Une juge d’instruction a été désignée pour enquêter sur les accusations de viols visant l’influenceur TikTok AD Laurent. Les faits présumés remontent à 2018 en Australie.

AD Laurent : une information judiciaire ouverte pour viols présumés contre l’influenceur TikTok
Une juge d’instruction vient d’être officiellement désignée pour enquêter sur les accusations de viols pesant sur Adrien Laurent, alias « AD », figure incontournable de TikTok suivie par près d’un demi-million d’abonnés. Les faits dénoncés remonteraient à 2018, en Australie. L’influenceur, qui conteste fermement ces accusations, n’a à ce jour jamais été condamné.
Une instruction judiciaire désormais en marche
Le parquet de Paris a confirmé qu’« une information judiciaire est en cours » concernant Adrien Laurent, 31 ans, connu sous le pseudonyme « AD » sur les réseaux sociaux, relate Le Parisien. Une juge d’instruction a récemment été désignée pour conduire les investigations, une étape que l’avocat de la plaignante, Me Jean-Christophe Basson-Larbi, qualifie de « suite logique » à la plainte criminelle déposée par sa cliente en mars 2024.
Le pénaliste pointe le délai écoulé avant cette ouverture d’instruction, qu’il attribue au « manque de moyens de la justice française ». Il se dit néanmoins confiant : « Désormais, l’enquête va pouvoir avancer. J’ai toute confiance dans le travail du juge d’instruction pour faire toute la lumière sur les faits. »

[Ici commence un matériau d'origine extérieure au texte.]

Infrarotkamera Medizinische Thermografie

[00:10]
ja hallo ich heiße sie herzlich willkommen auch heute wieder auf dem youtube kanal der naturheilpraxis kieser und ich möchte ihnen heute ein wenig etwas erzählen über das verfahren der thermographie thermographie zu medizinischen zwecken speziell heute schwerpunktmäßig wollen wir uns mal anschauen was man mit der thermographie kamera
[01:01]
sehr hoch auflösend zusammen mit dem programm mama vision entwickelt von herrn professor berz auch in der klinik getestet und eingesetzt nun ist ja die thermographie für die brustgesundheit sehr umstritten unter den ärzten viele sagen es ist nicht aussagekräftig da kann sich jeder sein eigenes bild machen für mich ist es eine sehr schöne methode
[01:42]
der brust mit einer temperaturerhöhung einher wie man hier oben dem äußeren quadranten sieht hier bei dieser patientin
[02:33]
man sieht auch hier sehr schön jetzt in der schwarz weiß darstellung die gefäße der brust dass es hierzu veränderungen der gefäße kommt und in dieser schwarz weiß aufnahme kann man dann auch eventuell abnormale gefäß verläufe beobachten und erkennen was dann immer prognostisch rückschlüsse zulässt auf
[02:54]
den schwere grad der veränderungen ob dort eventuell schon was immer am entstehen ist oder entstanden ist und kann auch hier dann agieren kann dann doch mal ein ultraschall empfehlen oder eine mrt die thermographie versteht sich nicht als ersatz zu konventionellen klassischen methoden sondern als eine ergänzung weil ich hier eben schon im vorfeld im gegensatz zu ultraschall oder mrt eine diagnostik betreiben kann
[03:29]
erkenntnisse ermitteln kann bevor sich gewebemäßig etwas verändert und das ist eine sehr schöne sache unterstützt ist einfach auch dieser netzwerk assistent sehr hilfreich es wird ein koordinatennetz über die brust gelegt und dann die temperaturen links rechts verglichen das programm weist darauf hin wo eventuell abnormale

Des faits présumés remontant à 2018 à Sydney
Selon les éléments de la plainte, les faits allégués se seraient produits en avril 2018, à Sydney, en Australie. Une jeune Française résidant alors dans cette ville affirme avoir fait la connaissance d’Adrien Laurent dans une discothèque. Après un premier échange, elle lui communique ses coordonnées. Quelques semaines plus tard, les deux personnes se retrouvent dans un bar, puis au domicile de l’influenceur.

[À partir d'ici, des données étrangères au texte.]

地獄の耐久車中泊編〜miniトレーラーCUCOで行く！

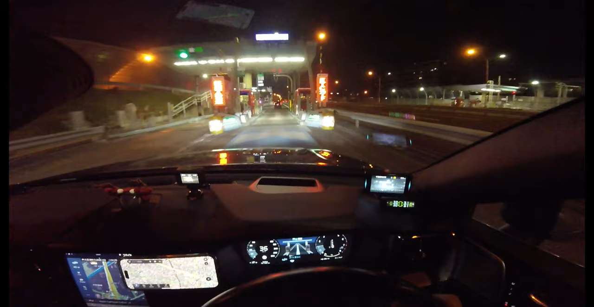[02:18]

La plaignante, qui souhaite conserver l’anonymat, décrit dans sa plainte un premier rapport sexuel imposé sans son consentement, alors qu’elle avait explicitement refusé les conditions proposées. Elle évoque également une seconde agression dans d’autres circonstances. Sous l’emprise de l’influenceur selon ses propres termes, elle aurait continué à le fréquenter avant de rompre tout contact. Il lui aura fallu six ans pour trouver la force de porter plainte.
Son avocat indique qu’elle reste aujourd’hui « traumatisée » par ces événements et qu’elle « le sera tout au long de sa vie ».
L’influenceur nie en bloc
Adrien Laurent a toujours catégoriquement démenti les faits qui lui sont reprochés. Interrogé en juin 2025, il déclarait : « Ces accusations sont fausses et très graves. Je n’ai jamais violé personne, je n’ai jamais imposé le moindre rapport sexuel. » Son avocat, Me Édouard Pontois, rappelle que son client « n’a jamais été condamné » et que « son casier judiciaire est vierge ».
Un profil clivant, entre succès commercial et controverses
Avant de se faire un nom sur TikTok, Adrien Laurent avait participé à des émissions de téléréalité avant de se reconvertir dans le contenu pour adultes. Sa notoriété, particulièrement forte auprès des adolescents et des jeunes adultes, s’accompagne d’une image profondément controversée.
Son compte TikTok avait été supprimé à la suite de l’intervention d’Aurore Bergé, alors ministre déléguée à l’Égalité femmes-hommes, qui jugeait son contenu « extrêmement préoccupant ». En parallèle, ses prestations dans les discothèques françaises continuent d’alimenter la polémique. Des associations féministes, comme Femmes solidaires de Saint-Nazaire, ont tenté sans succès de faire annuler certains de ses shows, dénonçant la promotion d’« une masculinité violente » et d’un discours misogyne dangereux pour un jeune public.
En mars 2025, lors d’une soirée dans une discothèque de Beauvais, des scènes de nature sexuelle explicite avaient conduit Thierry Fontaine, représentant de la branche nuit de l’Umih, à déconseiller publiquement aux patrons d’établissements nocturnes d’inviter l’influenceur : « En 35 ans de métier, je n’ai jamais vu ce type de scènes en boîte de nuit. »
Malgré tout, AD Laurent continue de remplir les salles à travers la France. L’information judiciaire en cours déterminera si ces accusations criminelles sont fondées.